[Opening Extracted records section]

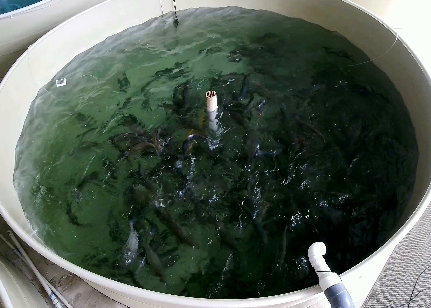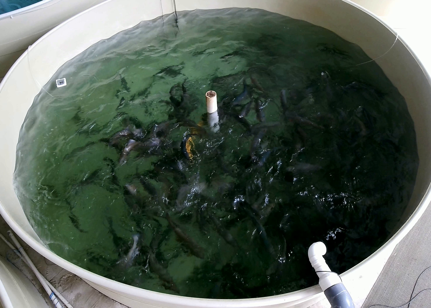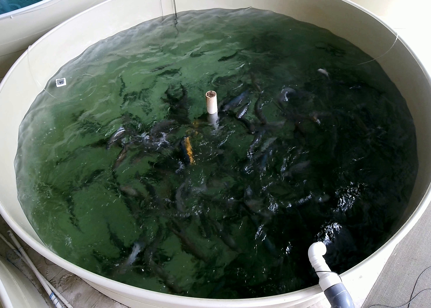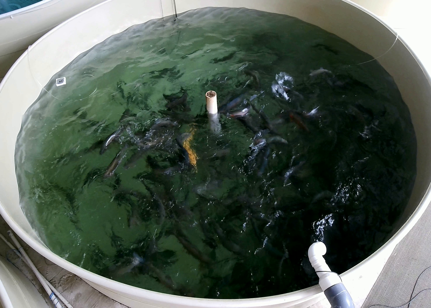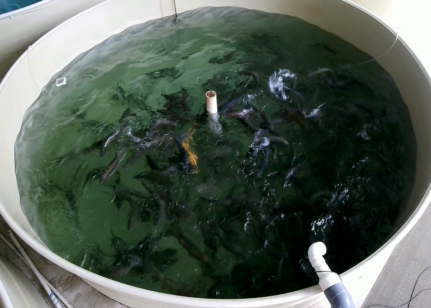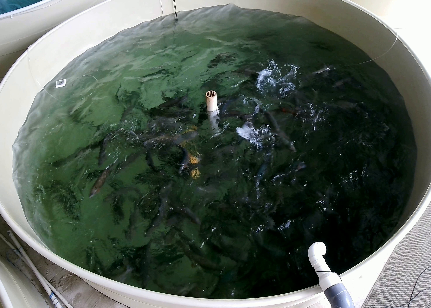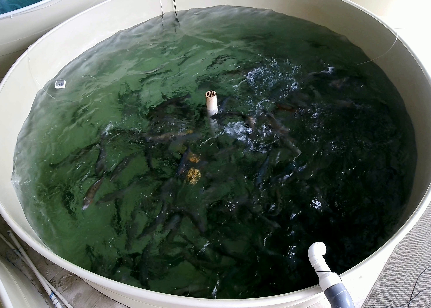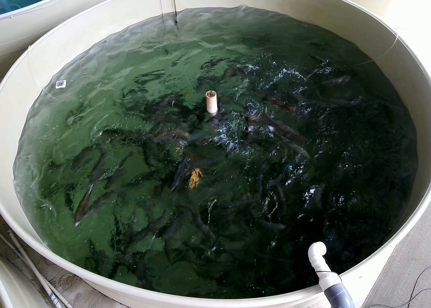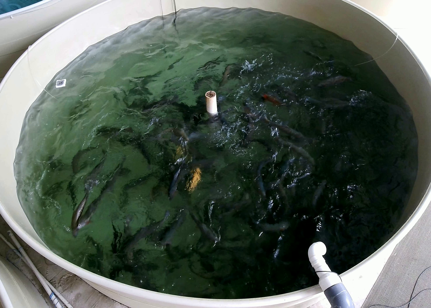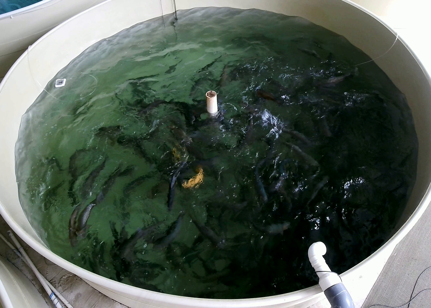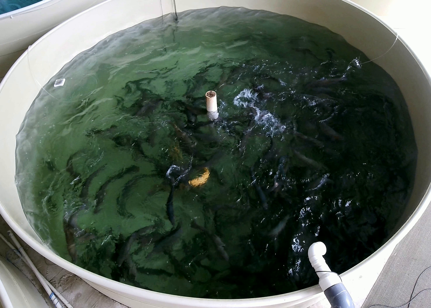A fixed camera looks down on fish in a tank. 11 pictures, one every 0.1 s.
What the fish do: Weak feeding.
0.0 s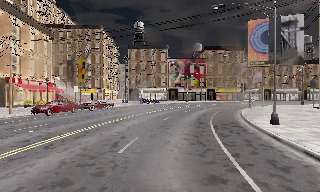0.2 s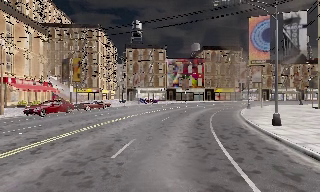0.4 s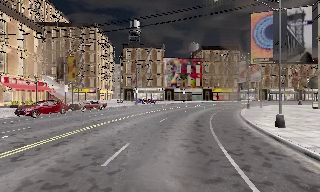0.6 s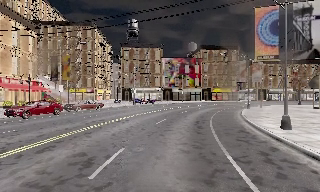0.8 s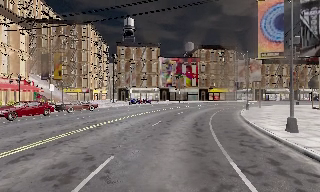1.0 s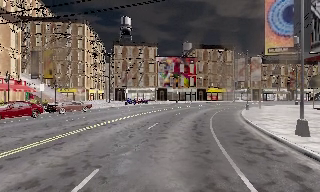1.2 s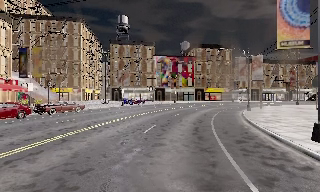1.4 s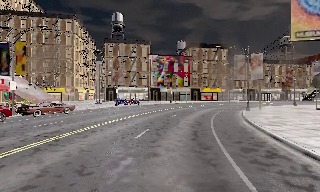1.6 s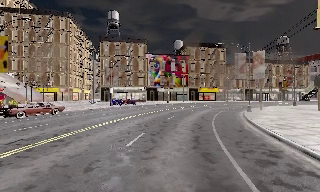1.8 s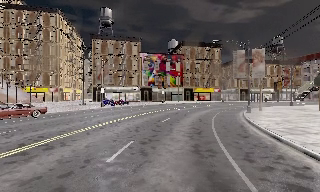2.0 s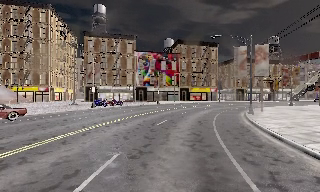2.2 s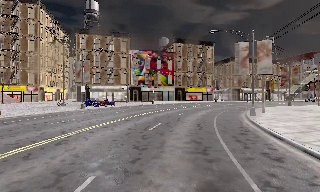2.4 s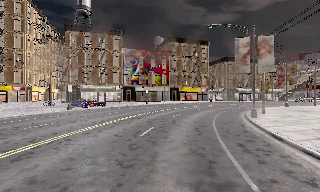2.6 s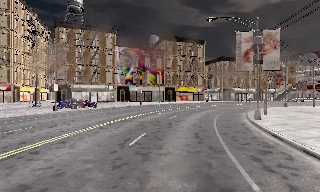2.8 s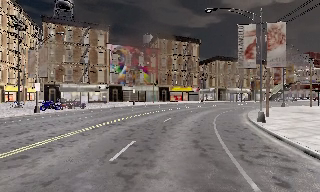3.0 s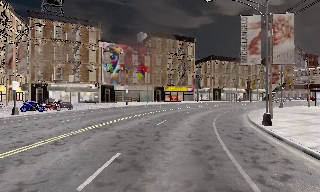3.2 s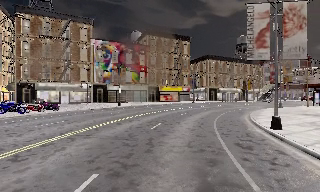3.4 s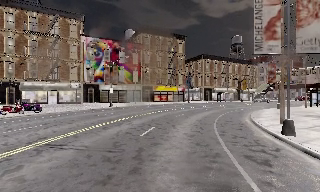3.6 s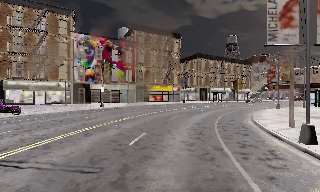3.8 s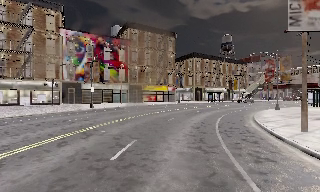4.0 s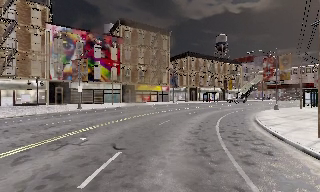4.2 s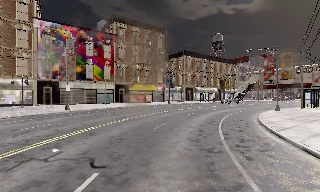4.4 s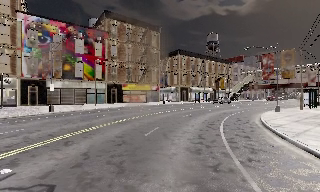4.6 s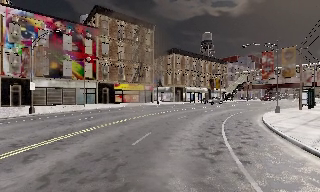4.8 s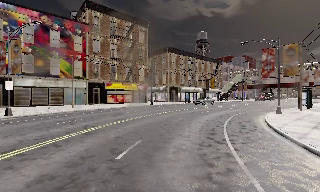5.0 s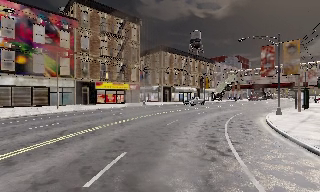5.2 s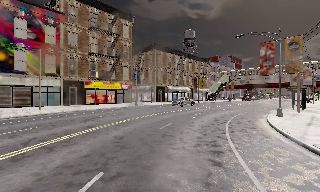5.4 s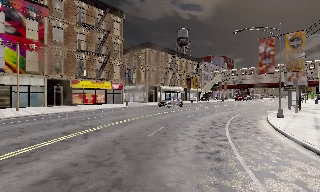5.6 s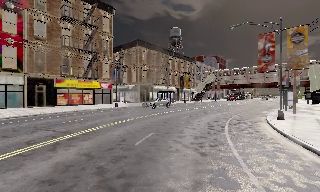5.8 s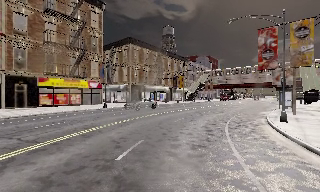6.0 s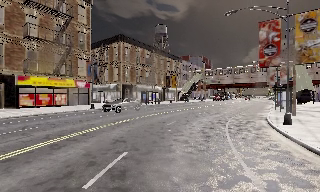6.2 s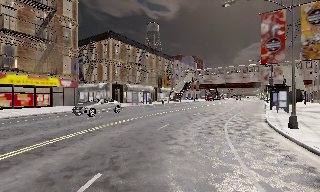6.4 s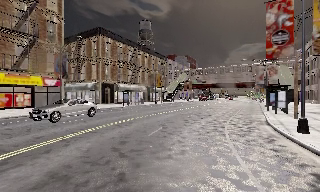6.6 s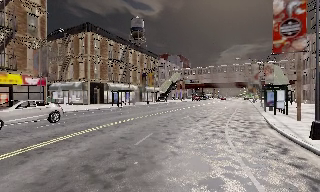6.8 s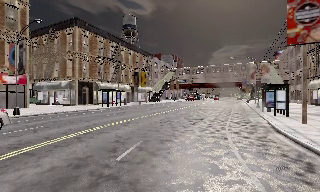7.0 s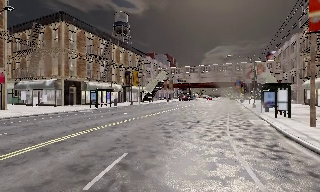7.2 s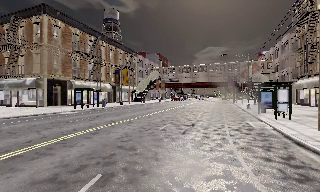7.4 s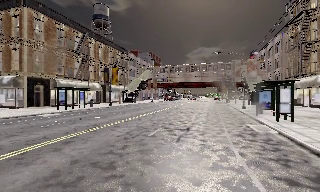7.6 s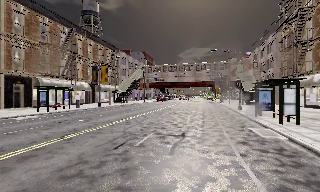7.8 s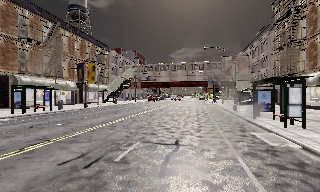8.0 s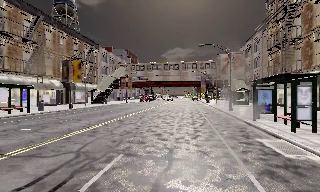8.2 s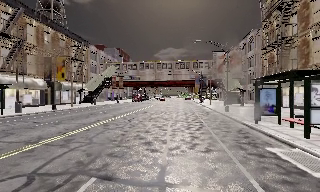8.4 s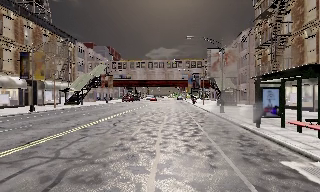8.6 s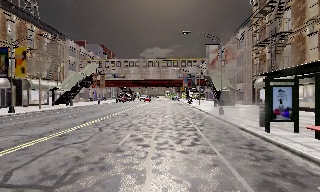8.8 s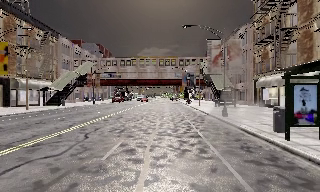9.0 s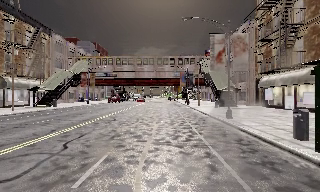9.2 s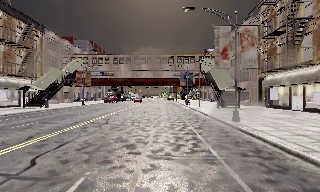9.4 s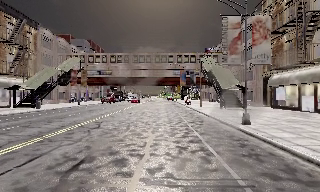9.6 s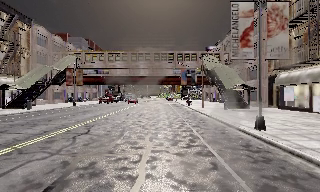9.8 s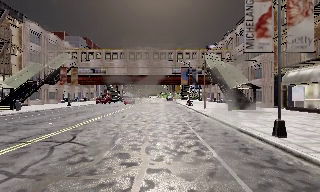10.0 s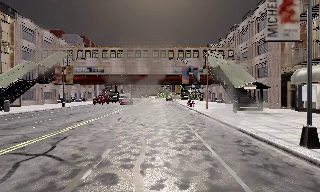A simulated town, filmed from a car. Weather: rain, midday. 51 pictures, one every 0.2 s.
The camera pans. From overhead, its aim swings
clockwise.
The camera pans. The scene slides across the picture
to the left.
0.0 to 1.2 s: The camera travels forward, about 4 m, so what stands in front looms larger. It gains speed.
1.2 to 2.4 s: The camera travels forward, about 8 m, so what stands in front looms larger.
2.4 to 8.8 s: The camera swings to its right by about 70 degrees, and the scene slides to the left. It travels forward, about 45 m.
8.8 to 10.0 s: The camera travels forward, about 8 m, so what stands in front looms larger.
The film runs forward here.

[Closing Extracted records section]

[Exercise requirements]
Take the line with "The camera pans. From" and every line after it in the data, and please reproduce them exactly, leaving out all other lines.

[Answer to the problem]
The camera pans. From overhead, its aim swings
clockwise.
The camera pans. The scene slides across the picture
to the left.
0.0 to 1.2 s: The camera travels forward, about 4 m, so what stands in front looms larger. It gains speed.
1.2 to 2.4 s: The camera travels forward, about 8 m, so what stands in front looms larger.
2.4 to 8.8 s: The camera swings to its right by about 70 degrees, and the scene slides to the left. It travels forward, about 45 m.
8.8 to 10.0 s: The camera travels forward, about 8 m, so what stands in front looms larger.
The film runs forward here.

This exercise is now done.